— Records shown —
· · · ·
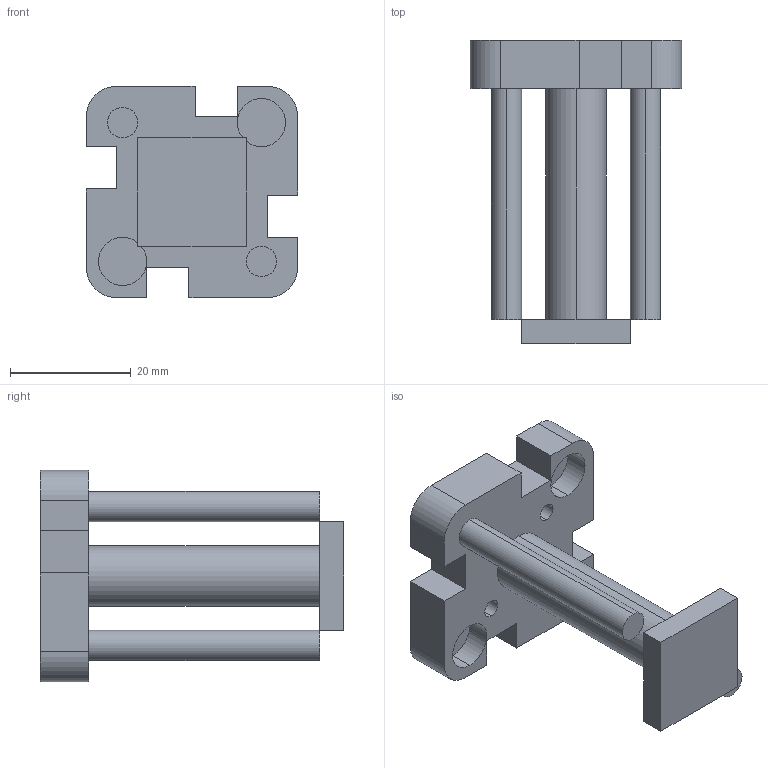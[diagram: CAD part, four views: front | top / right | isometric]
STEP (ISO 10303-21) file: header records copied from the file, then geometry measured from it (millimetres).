
FILE_DESCRIPTION (( 'STEP AP203' ), '1' );
FILE_NAME ('Cylinder Rod 50mm_Default_sldprt.STEP', '2023-10-19T05:34:30', ( '' ), ( '' ), 'SwSTEP 2.0', 'SolidWorks 2023', '' );
FILE_SCHEMA (( 'CONFIG_CONTROL_DESIGN' ));
Length unit declared in the file: millimetre
Products named in the file (1): Cylinder Rod 50mm_Default_sldprt
Bounding box: 35 x 50.25 x 35 mm (x, y, z)
Volume: 13682.2 mm3; surface area: 7126.8 mm2
Topology: 1 solids, 1 shells, 54 faces, 138 edges, 92 vertices
Faces by surface type: plane 32, cylinder 22
Entity records: 1739 total; most frequent: DIRECTION 292, CARTESIAN_POINT 285, ORIENTED_EDGE 276, EDGE_CURVE 138, AXIS2_PLACEMENT_3D 99, LINE 94, VECTOR 94, VERTEX_POINT 92
· · · ·
— Task to complete —
Every record above should be transcribed exactly; the pictures stay out of the copy.

— Task answer —
[diagram: CAD part, four views: front | top / right | isometric]
STEP (ISO 10303-21) file: header records copied from the file, then geometry measured from it (millimetres).
FILE_DESCRIPTION (( 'STEP AP203' ), '1' );
FILE_NAME ('Cylinder Rod 50mm_Default_sldprt.STEP', '2023-10-19T05:34:30', ( '' ), ( '' ), 'SwSTEP 2.0', 'SolidWorks 2023', '' );
FILE_SCHEMA (( 'CONFIG_CONTROL_DESIGN' ));
Length unit declared in the file: millimetre
Products named in the file (1): Cylinder Rod 50mm_Default_sldprt
Bounding box: 35 x 50.25 x 35 mm (x, y, z)
Volume: 13682.2 mm3; surface area: 7126.8 mm2
Topology: 1 solids, 1 shells, 54 faces, 138 edges, 92 vertices
Faces by surface type: plane 32, cylinder 22
Entity records: 1739 total; most frequent: DIRECTION 292, CARTESIAN_POINT 285, ORIENTED_EDGE 276, EDGE_CURVE 138, AXIS2_PLACEMENT_3D 99, LINE 94, VECTOR 94, VERTEX_POINT 92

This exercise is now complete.